May 4, 2022

A navegação negativa

Acho que existe algo interessante em caminhar rumo a um outro ponto negativamente” (por meio de isso não, nem aquilo”) se não se recai no fetiche de crer que se está indo em direção a algo que não possui forma alguma (ou que não acaba encontrando sua forma no caminhar).

Isso está meio abstrato mas como sempre é sobre a mesma coisa que falo aqui o tempo inteiro: o processo de se encontrar em um mundo em que somos ininteligíveis para nós mesmos. E para isso acho que acaba sendo necessário retraçar esses passos feitos em negativo”.

Não por achar que existe algum caráter mágico” nesse negativo, um inefável que soluciona todos os nossos impasses. Acho que o que falo aqui é mais corriqueiro, uma espécie de esforço de olhar em volta e perceber que mesmo os recuos e desvios apontam para algo singular.

O que não significa também que esse singular seja algo da ordem do plenamente compreensível, de um contorno que conseguimos enxergar vivamente como se finalmente saíssemos da caverna. Trata-se de algo singular por não poder ser qualquer coisa, por não se bastar qualquer desvio.

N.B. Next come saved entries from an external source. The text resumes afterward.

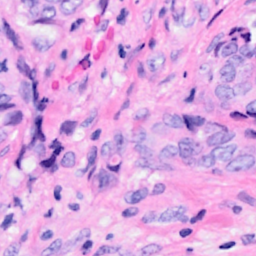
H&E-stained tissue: Breast
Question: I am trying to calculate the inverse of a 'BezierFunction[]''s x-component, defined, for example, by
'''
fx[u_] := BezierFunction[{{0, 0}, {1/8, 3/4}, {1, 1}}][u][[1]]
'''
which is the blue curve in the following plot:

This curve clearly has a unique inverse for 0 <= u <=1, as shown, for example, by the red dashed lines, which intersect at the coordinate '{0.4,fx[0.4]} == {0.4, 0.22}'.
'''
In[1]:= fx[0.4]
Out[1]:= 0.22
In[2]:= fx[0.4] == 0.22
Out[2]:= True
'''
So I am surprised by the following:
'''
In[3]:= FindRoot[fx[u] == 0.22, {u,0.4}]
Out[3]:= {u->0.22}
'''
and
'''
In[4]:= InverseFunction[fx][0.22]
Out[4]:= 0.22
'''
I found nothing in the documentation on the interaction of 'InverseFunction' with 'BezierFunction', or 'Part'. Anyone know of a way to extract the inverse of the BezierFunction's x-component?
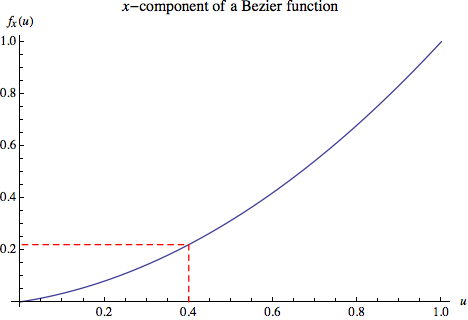
Answer: You are being bitten by an old issue that comes up again and again. You need to restrict the function to numeric arguments, or you are doing a part extraction on an unevaluated expression, yielding merely 'u'.
Try this:
'''
Clear[fx]
fx[u_?NumericQ] :=
BezierFunction[{{0, 0}, {1/8, 3/4}, {1, 1}}][u][[1]]
FindRoot[fx[u] == 0.22, {u, 0.3, 0.5}]
'''
---
Also, 'InverseFunction' does not actually find the inverse of a function, but rather is a symbolic representation of the inverse.
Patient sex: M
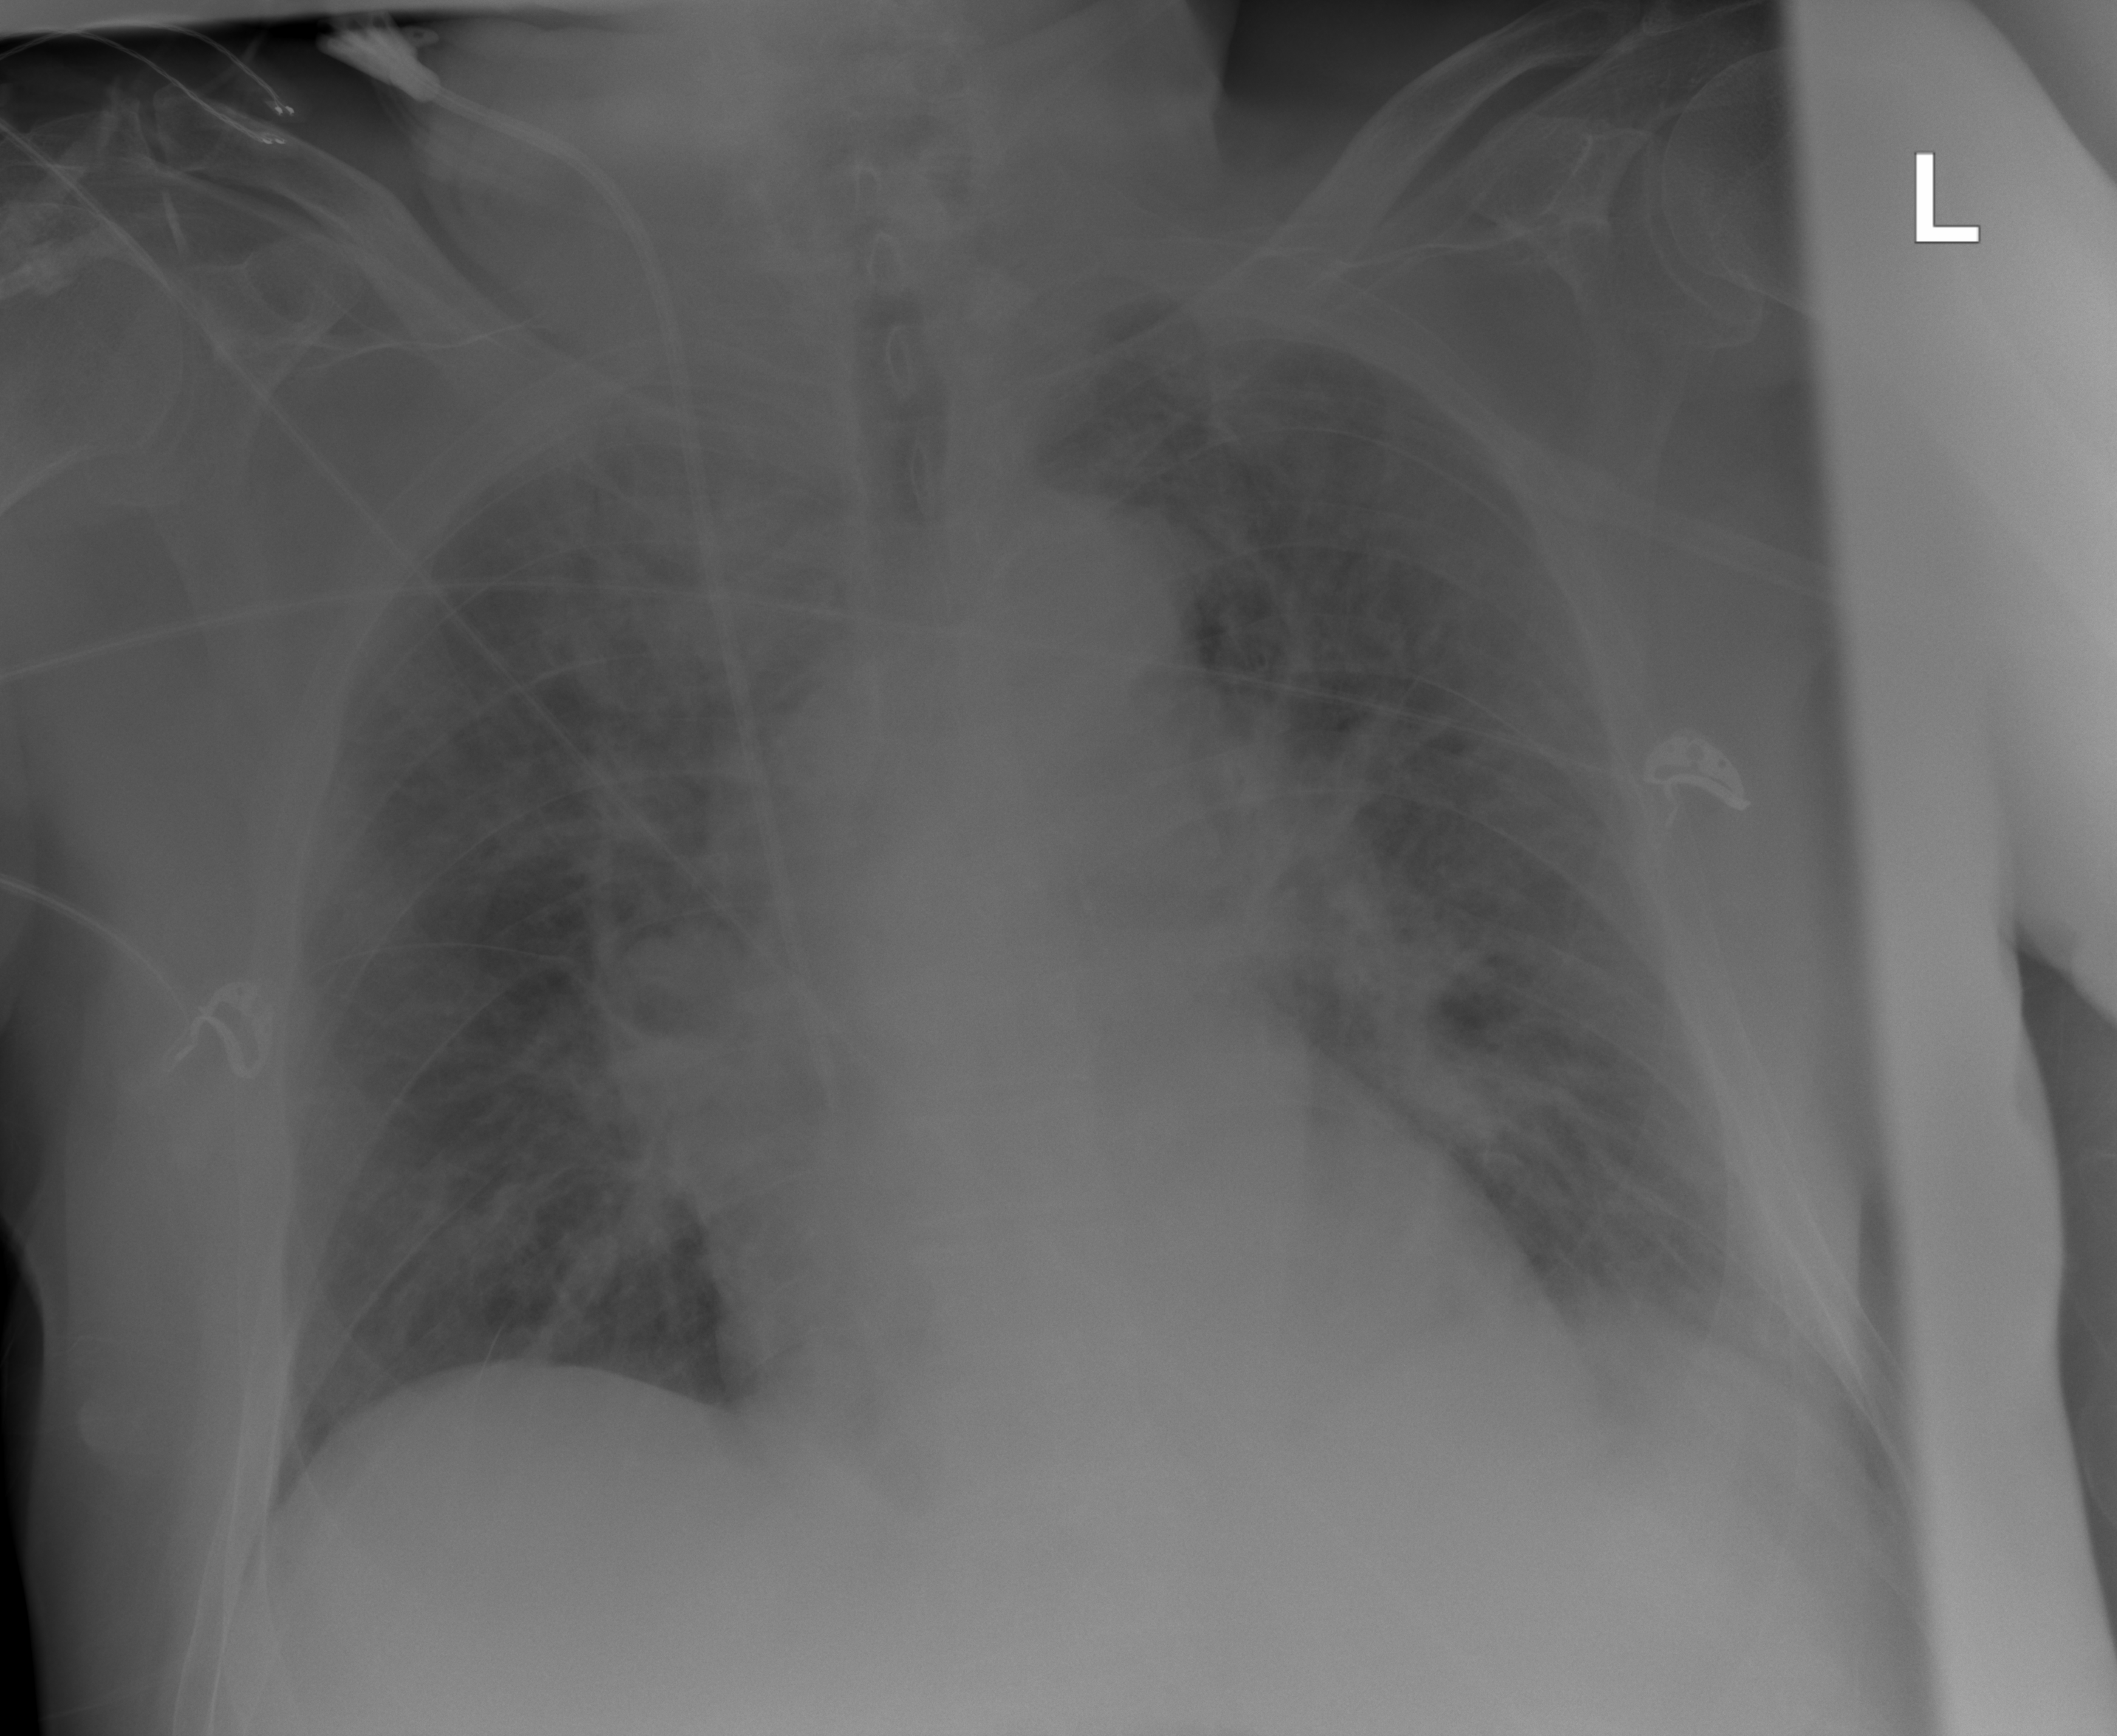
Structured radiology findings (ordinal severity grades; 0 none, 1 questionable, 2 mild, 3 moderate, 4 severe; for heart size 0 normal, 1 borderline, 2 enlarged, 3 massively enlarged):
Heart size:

Acho que a partir desse momento a gente consegue entender um pouco melhor a nossa dificuldade de se orientar. Talvez não seja a falta de um caminho, mas também uma dificuldade quase que natural de abarcar um desejo e uma liberdade que só aparece em seus constrangimentos.

É por isso que acredito cada vez mais que a experimentação com diferentes disciplinas (a criação ativa de constrangimentos, de regras e procedimentos, tão cara aos meus amados Perec, Carson e Aira) é a forma de ao menos tentarmos (na medida do possível) ser livres.

Na medida do possível pois sabemos bem o mundo que vivemos e a distribuição desigual dos constrangimentos externos (e que não raro são massacrantes). Que é muito difícil se pôr nessa esfera positiva quando estamos cansados, exaustos, sugados pelo tanto que há de horrível.

Ainda assim, não acho que hã muita alternativa para esse impasse fora encontrar as disciplinas no caminho que nos ajudem a sofrer menos e viver masi. E claro, isso acho que não se dá sozinho, pois se conseguimos respirar, quando conseguimos, é porque passamos a viver juntos.

Tudo isso de alguma forma me lembra a epígrafe adorniana do livro do Sérgio Ferro. Não vou fingir que entendi ela, então vou apenas deixá-la sem comentários como meu gesto de non finito: A liberdade é o negativo polêmico do sofrimento causado pela opressão social.”